Android Malware written in Kotlin found on Play Store stealing data

New Android Malware written in Kotlin found on Play Store stealing data

Just another day with just another Android malware hosted on Google Play Store targeting unsuspecting users – But this time, the malware is written in Kotlin, a statically-typed programming language.

Androidos_Bkotklind.Hrx malware

The IT security researchers at Trend Micro have discovered an Android malware Androidos_Bkotklind.Hrx on Google Play Store hiding behind a utility app called “Swift Cleaner.” The app claims to clean and optimize Android devices but in reality, it installs malware and steals data and performs other malicious acts including click ad fraud, SMS sending, URL forwarding and sign up users for premium SMS service without the permission or knowledge of the victim.

According to Trend Micro’s blog post, once the Swift Cleaner is launched, the malware sends device information to its remote server and initiate tasks including sending SMS to a specified number, executing WAP (wireless application protocol) task that lets malware collect wireless network related information and injects a Javascript that allows the malware to secretly steal the device’s data –  All this is done after receiving tasks through command and control center (C&C).

New Android Malware written in Kotlin found on Play Store stealing data
Screenshot for the infected app (Via: Trend Micro / PlayStore)

Moreover, the malware uploads the information of the victim’s service provider, login credentials and CAPTCHA images to the C&C server which is then processed by attackers to sign the victim up for premium SMS service subscription that costs them money.

What is Kotlin?

Koltin is an open-source programming language for modern multiplatform applications. In May 2017, Google announced Kotlin as a first-class language for writing Android apps which is being used by prominent apps including Netflix, Pinterest, and Twitter. 

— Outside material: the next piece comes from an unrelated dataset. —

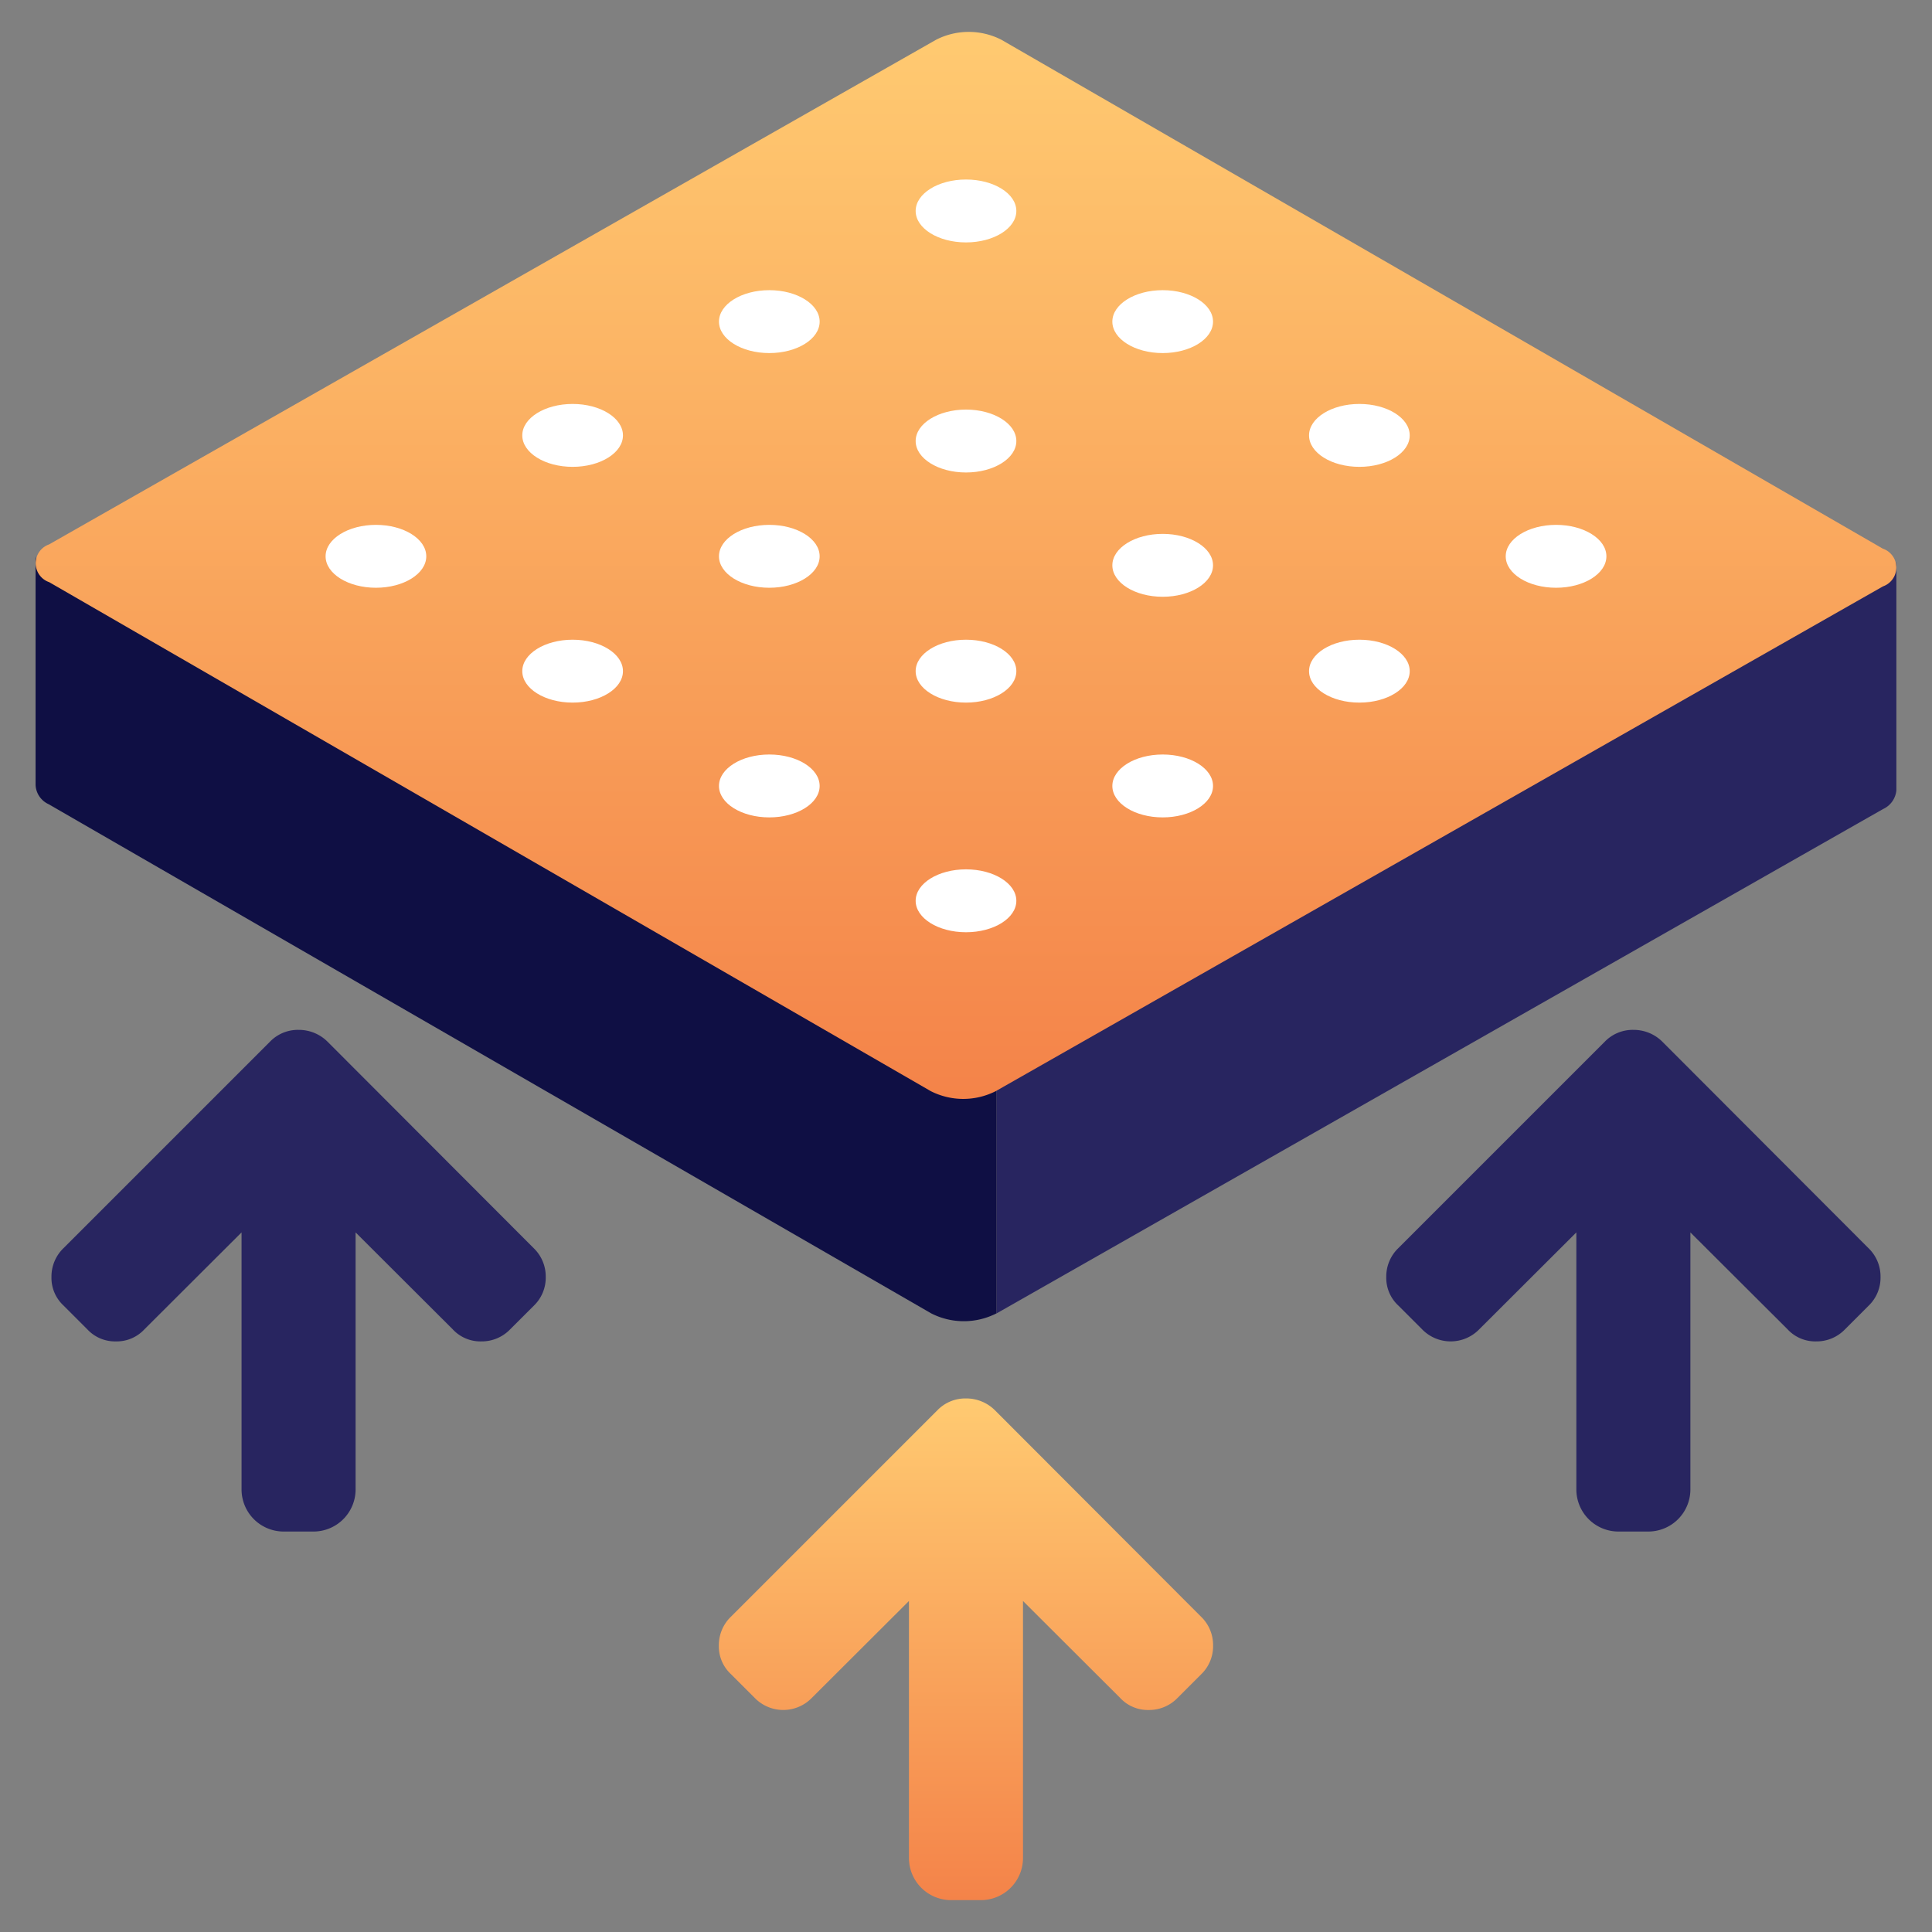 <svg xmlns="http://www.w3.org/2000/svg" xmlns:xlink="http://www.w3.org/1999/xlink" viewBox="0 0 36 36"><rect x="0" y="0" width="36" height="36" fill="#808080" stroke="none"/><defs><style>.cls-1{fill:url(#linear-gradient);}.cls-2{fill:#282560;}.cls-3{fill:#0f0f44;}.cls-4{fill:url(#linear-gradient-2);}.cls-5{fill:#fff;}</style><linearGradient id="linear-gradient" x1="18" y1="26.058" x2="18" y2="35.405" gradientUnits="userSpaceOnUse"><stop offset="0" stop-color="#ffca71"/><stop offset="1" stop-color="#f48349"/></linearGradient><linearGradient id="linear-gradient-2" x1="18" y1="0.595" x2="18" y2="20.477" xlink:href="#linear-gradient"/></defs><title>Artboard 2 copy 34</title><g id="Layer_8" data-name="Layer 8"><path class="cls-1" d="M22.38,30.125l-3.842-3.848A.757.757,0,0,0,18,26.058a.724.724,0,0,0-.532.219l-3.848,3.848a.734.734,0,0,0-.225.538.702.702,0,0,0,.225.532l.443.443a.742.742,0,0,0,1.064,0l1.81-1.806v4.791a.785.785,0,0,0,.783.783h.559a.785.785,0,0,0,.783-.783V29.832l1.81,1.806a.703.703,0,0,0,.532.225.734.734,0,0,0,.538-.225l.443-.443a.724.724,0,0,0,.219-.532A.733.733,0,0,0,22.38,30.125Z"/><path class="cls-2" d="M34.816,23.257,30.974,19.409a.757.757,0,0,0-.538-.219.724.724,0,0,0-.532.219l-3.848,3.848a.734.734,0,0,0-.225.538.702.702,0,0,0,.225.532l.443.443a.742.742,0,0,0,1.064,0l1.81-1.806v4.791a.785.785,0,0,0,.783.783h.559a.785.785,0,0,0,.783-.783V22.964L33.309,24.77a.703.703,0,0,0,.532.225.734.734,0,0,0,.538-.225l.443-.443a.724.724,0,0,0,.219-.532A.733.733,0,0,0,34.816,23.257Z"/><path class="cls-2" d="M9.944,23.257l-3.842-3.848a.757.757,0,0,0-.538-.219.724.724,0,0,0-.532.219L1.184,23.257a.734.734,0,0,0-.225.538.702.702,0,0,0,.225.532l.443.443a.703.703,0,0,0,.532.225.703.703,0,0,0,.532-.225l1.81-1.806v4.791a.785.785,0,0,0,.783.783h.559a.785.785,0,0,0,.783-.783V22.964l1.81,1.806a.703.703,0,0,0,.532.225.734.734,0,0,0,.538-.225L9.95,24.327a.724.724,0,0,0,.219-.532A.733.733,0,0,0,9.944,23.257Z"/><path class="cls-2" d="M35.087,10.811,18.567,20.21v4.265L35.087,15.076a.426.426,0,0,0,.249-.349V10.462A.426.426,0,0,1,35.087,10.811Z"/><path class="cls-3" d="M17.352,20.204.917,10.715a.43.43,0,0,1-.254-.354v4.269a.414.414,0,0,0,.241.354L17.352,24.473a1.339,1.339,0,0,0,1.215,0V20.204A1.339,1.339,0,0,1,17.352,20.204Z"/><path class="cls-4" d="M35.083,10.223a.372.372,0,0,1,.004.703L18.556,20.331a1.338,1.338,0,0,1-1.214,0L.917,10.848a.372.372,0,0,1-.004-.703L17.444.74a1.338,1.338,0,0,1,1.214,0Z"/><ellipse class="cls-5" cx="18" cy="16.785" rx="0.938" ry="0.586"/><ellipse class="cls-5" cx="18" cy="12.506" rx="0.938" ry="0.586"/><ellipse class="cls-5" cx="18" cy="3.931" rx="0.938" ry="0.586"/><ellipse class="cls-5" cx="18" cy="8.218" rx="0.938" ry="0.586"/><ellipse class="cls-5" cx="14.335" cy="14.645" rx="0.938" ry="0.586"/><ellipse class="cls-5" cx="14.335" cy="10.366" rx="0.938" ry="0.586"/><ellipse class="cls-5" cx="14.335" cy="5.993" rx="0.938" ry="0.586"/><ellipse class="cls-5" cx="21.665" cy="5.993" rx="0.938" ry="0.586"/><ellipse class="cls-5" cx="10.67" cy="12.506" rx="0.938" ry="0.586"/><ellipse class="cls-5" cx="10.67" cy="8.113" rx="0.938" ry="0.586"/><ellipse class="cls-5" cx="25.33" cy="8.113" rx="0.938" ry="0.586"/><ellipse class="cls-5" cx="7.005" cy="10.366" rx="0.938" ry="0.586"/><ellipse class="cls-5" cx="21.665" cy="14.645" rx="0.938" ry="0.586"/><ellipse class="cls-5" cx="21.665" cy="10.534" rx="0.938" ry="0.586"/><ellipse class="cls-5" cx="25.33" cy="12.506" rx="0.938" ry="0.586"/><ellipse class="cls-5" cx="28.995" cy="10.366" rx="0.938" ry="0.586"/></g></svg>

This is the first time that a malware is written in Koltin programming language. According to Lorin Wu, a mobile threats analyst with Trend Micro, “It’s still unknown if the abovementioned features of Kotlin can make a difference when creating malware.” 

Malware removed

Trend Micro reported their findings to Google who acknowledged the presence of malware and removed it from Play Store. The app had only 1,000-5,000 installs, however, there have been several incidents in the recent past in which tons of malware-infected apps successfully made it on to Play Store and infected millions of devices without raising any suspicion.

Therefore, Android users need to be vigilant and scan their device with an updated security software.